Trouble Deepens For Blackstone-Providence Media Co.

An already troubled media investment by The Blackstone Group and Providence Equity Partners is exhibiting yet more signs of distress.

Freedom Communications

, a newspaper and broadcast company, earlier this month said it may have fallen out of compliance with financial covenants relating to its debt financing in the fiscal quarter ended Sept. 30. The company has undertaken a number of cost-cutting initiatives to help right the ship.

Irvine, Calif.-based Freedom Communications owns more than 30 daily newspapers, in addition to other magazines and specialty publications that push its print portfolio to more than 100 publications. The company’s broadcast segment includes five CBS affiliates, two ABC network affiliates and one CW affiliate. The company recorded total revenues of $798 million for the 12 months ended June 30, 2008, according to Moody’s Investors Service.

Blackstone Group and Providence Equity bought an approximately 40 percent minority stake in family-controlled Freedom Communications in 2004 for about $2 billion. The deal featured about $1.1 billion in debt financing, according to Reuters Loan Pricing Corp.

Weakness in newspaper and broadcast advertising and growing competition for advertising revenue from online media account for much of Freedom Communications’s woes.
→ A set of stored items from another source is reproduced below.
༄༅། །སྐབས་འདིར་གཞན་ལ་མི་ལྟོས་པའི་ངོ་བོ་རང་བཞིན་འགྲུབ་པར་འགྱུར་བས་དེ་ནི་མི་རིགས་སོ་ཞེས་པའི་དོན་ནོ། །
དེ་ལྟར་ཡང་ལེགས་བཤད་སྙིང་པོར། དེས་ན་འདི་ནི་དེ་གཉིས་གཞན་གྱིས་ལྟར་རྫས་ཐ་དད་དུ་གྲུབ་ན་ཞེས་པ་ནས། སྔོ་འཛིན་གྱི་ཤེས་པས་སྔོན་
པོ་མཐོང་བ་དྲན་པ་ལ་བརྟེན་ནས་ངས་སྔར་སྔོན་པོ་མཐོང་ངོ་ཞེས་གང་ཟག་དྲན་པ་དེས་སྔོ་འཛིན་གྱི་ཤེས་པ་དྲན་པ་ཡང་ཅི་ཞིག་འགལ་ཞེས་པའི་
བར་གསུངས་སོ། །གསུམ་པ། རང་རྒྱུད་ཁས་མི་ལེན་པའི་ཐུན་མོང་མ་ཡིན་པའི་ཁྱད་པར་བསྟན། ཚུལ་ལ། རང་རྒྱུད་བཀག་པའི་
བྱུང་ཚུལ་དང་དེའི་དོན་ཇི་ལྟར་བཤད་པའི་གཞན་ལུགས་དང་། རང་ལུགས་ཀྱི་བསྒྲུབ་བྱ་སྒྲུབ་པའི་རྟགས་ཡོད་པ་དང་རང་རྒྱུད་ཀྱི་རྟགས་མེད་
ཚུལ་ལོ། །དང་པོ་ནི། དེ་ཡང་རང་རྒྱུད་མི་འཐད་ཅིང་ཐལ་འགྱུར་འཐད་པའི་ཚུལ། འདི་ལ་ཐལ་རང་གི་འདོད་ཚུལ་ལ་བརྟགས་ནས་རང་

Declines in newspaper circulation, the recent economic slowdown, and vulnerability to markets affected by the real estate collapse haven’t helped either. In response to the economic uncertainty, the company said it would draw down on the balance of its revolving line of credit.
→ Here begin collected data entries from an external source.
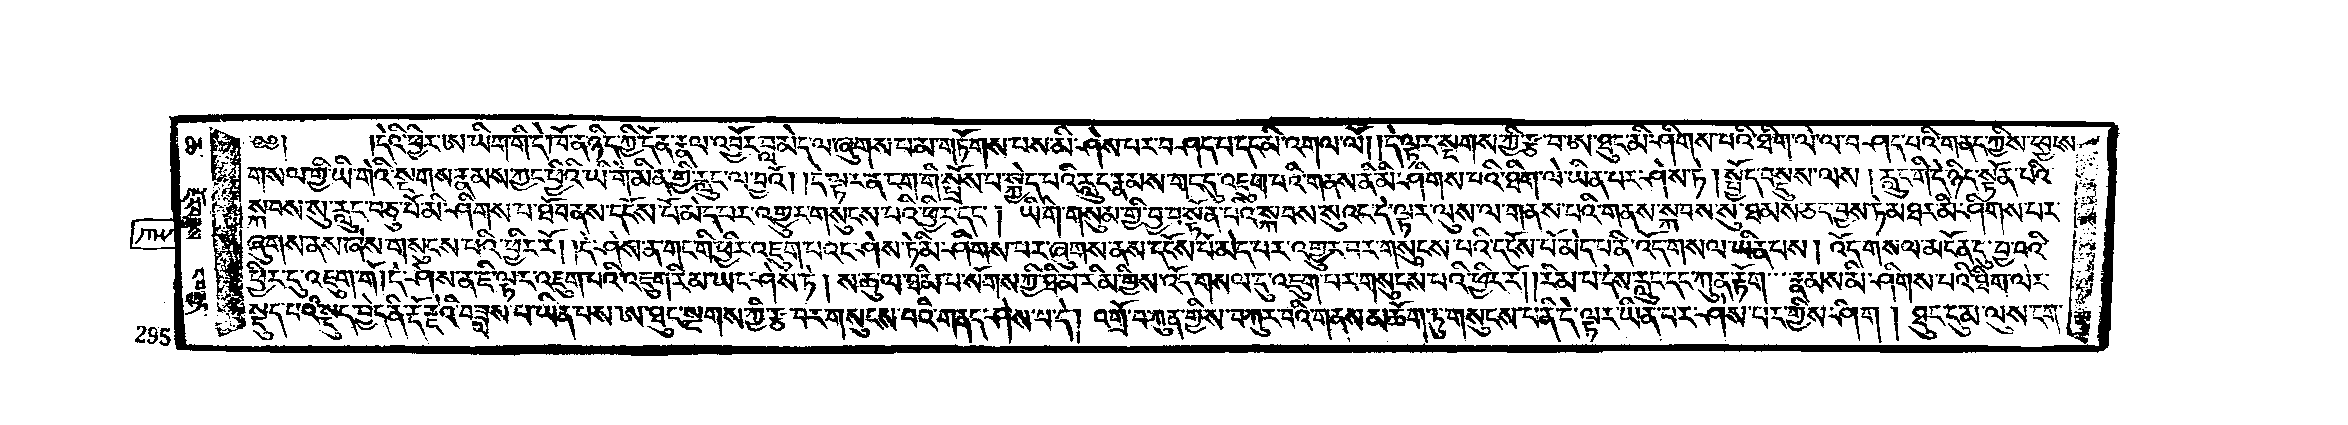༄༅། །དེའི་ཕྱིར་ཨ་ཡིག་གི་དེ་ཁོ་ན་ཉིད་ཀྱི་དོན་རྣལ་འབྱོར་བླ་མེད་ལ་ཞུགས་པ་མ་གཏོགས་པས་མི་ཤེས་པར་བཤད་པ་དང་མི་འགལ་ལོ། །དེ་ལྟར་སྔགས་ཀྱི་རྩ་བ་ཨ་ཐུང་མི་ཤིགས་པའི་ཐིག་ལེ་ལ་བཤད་པའི་གནད་ཀྱིས་དབྱངས་
གསལ་གྱི་ཡི་གེའི་སྔགས་རྣམས་ཀྱང་ཕྱིའི་ཡི་གེ་མིན་གྱི་རླུང་ལ་བྱའོ། །དེ་ལྟར་ན་ངག་གི་སྤྲོས་པ་སྐྱེད་པའི་རླུང་རྣམས་གང་དུ་འཇུག་པའི་གནས་ནི་མི་ཤིགས་པའི་ཐིག་ལེ་ཡིན་པར་ཤེས་ཏེ། སྤྱོད་བསྡུས་ལས། རླུང་གི་དེ་ཉིད་སྟོན་པའི་
སྐབས་སུ་རླུང་བཅུ་པོ་མི་ཤིགས་པ་ཐོབ་ནས་དངོས་པོ་མེད་པར་འགྱུར་གསུངས་པའི་ཕྱིར་དང་། ཡི་གེ་གསུམ་གྱི་བྱ་བ་སྟོན་པའི་སྐབས་སུའང་དེ་ལྟར་ལུས་ལ་གནས་པའི་གནས་སྐབས་སུ་ཐམས་ཅད་བྱས་ཏེ་མཐར་མི་ཤིགས་པར་
ཞུགས་ནས་ཞེས་གསུངས་པའི་ཕྱིར་རོ། །དེ་ཤེས་ན་གང་གི་ཕྱིར་འཇུག་པའང་ཤེས་ཏེ་མི་ཤིགས་པར་ཞུགས་ནས་དངོས་པོ་མེད་པར་འགྱུར་བར་གསུངས་པའི་དངོས་པོ་མེད་པ་ནི་འོད་གསལ་ཡིན་པས། འོད་གསལ་མངོན་དུ་བྱ་བའི་
ཕྱིར་དུ་འཇུག་གོ །དེ་ཤེས་ན་ཇི་ལྟར་འཇུག་པའི་འཇུག་རིམ་ཡང་ཤེས་ཏེ། ས་ཆུ་ལ་ཐིམ་པ་སོགས་ཀྱི་ཐིམ་རིམ་གྱིས་འོད་གསལ་དུ་འཇུག་པར་གསུངས་པའི་ཕྱིར་རོ། །རིམ་པ་དེས་རླུང་དང་ཀུན་རྟོག་རྣམས་མི་ཤིགས་པའི་ཐིག་ལེར་
སྡུད་པའི་སྡུད་བྱེད་ནི་རྡོ་རྗེའི་བཟླས་པ་ཡིན་པས་ཨ་ཐུང་སྔགས་ཀྱི་རྩ་བར་གསུངས་པའི་གནད་ཤེས་པ་དེ། འགྲོ་བ་ཀུན་གྱིས་བཀུར་བའི་གནས་མཆོག་ཏུ་གསུངས་པ་ནི་དེ་ལྟར་ཡིན་པར་ཤེས་པར་གྱིས་ཤིག །ཐུང་དུ་མ་ལུས་ངག་

Upon hearing of the possible covenant breach and the total drawdown on its $300 million revolver, Moody’s downgraded Freedom Communications’s probability of default rating to Caa2 from Caa1, its corporate family rating to Caa1 from B3, and the senior secured credit facility to Caa1 from B3. Total debt affected by the downgrades is approximately $900 million, according to the ratings agency. The downgrade partially reflects Moody’s expectation that advertising spending will continue to decrease as economic conditions continue to decay throughout 2009.

To help bounce back, Freedom Communications is trying to control costs by focusing more on creating local content and selling local advertising—functions it considers to be “core competencies”—while consolidating or outsourcing other activities. The publisher also plans to reduce spending through more conservative use of newsprint and ink. Priority one for the company is to deleverage its balance sheet to “better reflect current revenue streams,” Freedom Communications President and CEO Scott Flanders said in a statement.
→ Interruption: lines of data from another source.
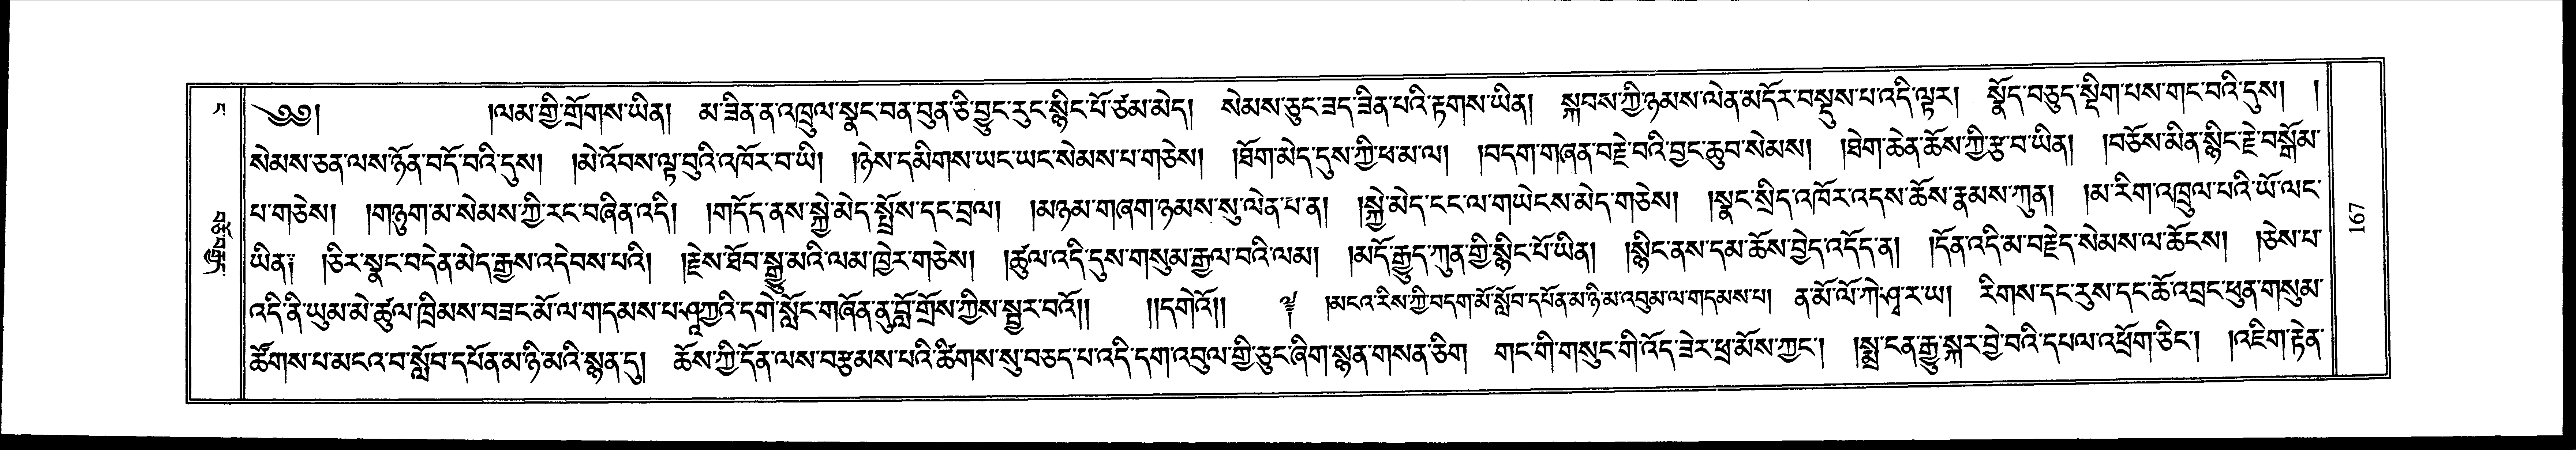༄༅། །ལམ་གྱི་གྲོགས་ཡིན། མ་ཟིན་ན་འཁྲུལ་སྣང་བན་བུན་ཅི་བྱུང་རུང་སྙིང་པོ་ཙམ་མེད། སེམས་ཅུང་ཟད་ཟིན་པའི་རྟགས་ཡིན། །སྐབས་ཀྱི་ཉམས་ལེན་མདོར་བསྡུས་པ་འདི་ལྟར། །སྣོད་བཅུད་སྡིག་པས་གང་བའི་དུས། །
སེམས་ཅན་ལས་ཉོན་བདོ་བའི་དུས། །མེ་འོབས་ལྟ་བུའི་འཁོར་བ་ཡི། །ཉེས་དམིགས་ཡང་ཡང་སེམས་པ་གཅེས། །ཐོག་མེད་དུས་ཀྱི་ཕ་མ་ལ། །བདག་གཞན་བརྗེ་བའི་བྱང་ཆུབ་སེམས། །ཐེག་ཆེན་ཆོས་ཀྱི་རྩ་བ་ཡིན། །བཅོས་མིན་སྙིང་རྗེ་བསྒོམ་
པ་གཅེས། །གཉུག་མ་སེམས་ཀྱི་རང་བཞིན་འདི། །གདོད་ནས་སྐྱེ་མེད་སྤྲོས་དང་བྲལ། །མཉམ་གཞག་ཉམས་སུ་ལེན་པ་ན། །སྐྱེ་མེད་ངང་ལ་གཡེངས་མེད་གཅེས། །སྣང་སྲིད་འཁོར་འདས་ཆོས་རྣམས་ཀུན། །མ་རིག་འཁྲུལ་པའི་ཡོ་ལང་
ཡིན། །ཅིར་སྣང་བདེན་མེད་རྒྱས་འདེབས་པའི། །རྗེས་ཐོབ་སྒྱུ་མའི་ལམ་ཁྱེར་གཅེས། །ཚུལ་འདི་དུས་གསུམ་རྒྱལ་བའི་ལམ། །མདོ་རྒྱུད་ཀུན་གྱི་སྙིང་པོ་ཡིན། །སྙིང་ནས་དམ་ཆོས་བྱེད་འདོད་ན། །དོན་འདི་མ་བརྗེད་སེམས་ལ་ཆོངས། །ཅེས་པ་
འདི་ནི་ཡུམ་མེ་ཚུལ་ཁྲིམས་བཟང་མོ་ལ་གདམས་པ་ཤཱཀྱའི་དགེ་སློང་གཞོན་ནུ་བློ་གྲོས་ཀྱིས་སྦྱར་བའོ།། །།དགེའོ།། ༈ །མངའ་རིས་ཀྱི་བདག་མོ་སློབ་དཔོན་མ་ཉི་མ་འབུམ་ལ་གདམས་པ། །ན་མོ་ལོ་ཀེ་ཤྭ་ར་ཡ། རིགས་དང་རུས་དང་ཆོ་འབྲང་ཕུན་གསུམ་
ཚོགས་པ་མངའ་བ་སློབ་དཔོན་མ་ཉི་མའི་སྙན་དུ། ཆོས་ཀྱི་དོན་ལས་བརྩམས་པའི་ཚིགས་སུ་བཅད་པ་འདི་དག་འབུལ་གྱི་ཅུང་ཞིག་སྙན་གསན་ཅིག་གང་གི་གསུང་གི་འོད་ཟེར་ཕྲ་མོས་ཀྱང་། །སྨྲ་ངན་རྒྱུ་སྐར་བྱེ་བའི་དཔལ་འཕྲོག་ཅིང་། །འཇིག་རྟེན་

Following news of the possible covenant breach, Freedom Communications also said it would cut 142 jobs related to its Mesa, Ariz.-based newspaper, The East Valley Tribune, representing 40 percent of the paper’s total staff. The layoffs will be effective in the first week of 2009, at which time the East Valley Tribune will also change from a daily print publication format to four-day-a-week format. The newspaper, according to publisher Julie Moreno, has suffered declining revenue in the past year and has not been able to cut costs fast enough to offset that decline despite three rounds of layoffs.

For Blackstone Group and Providence Equity, the latest setback is likely to be doubly disappointing as the two firms had attempted an unsuccessful exit of the company late last year by selling their combined minority stakes back to the company. Freedom Communications had gone so far as to line up financing with GE Capital to facilitate the buyback. However, some banks became skittish with the deal given the hardships the newspaper industry was already facing, and the high borrowing costs worried the management of Freedom Communications.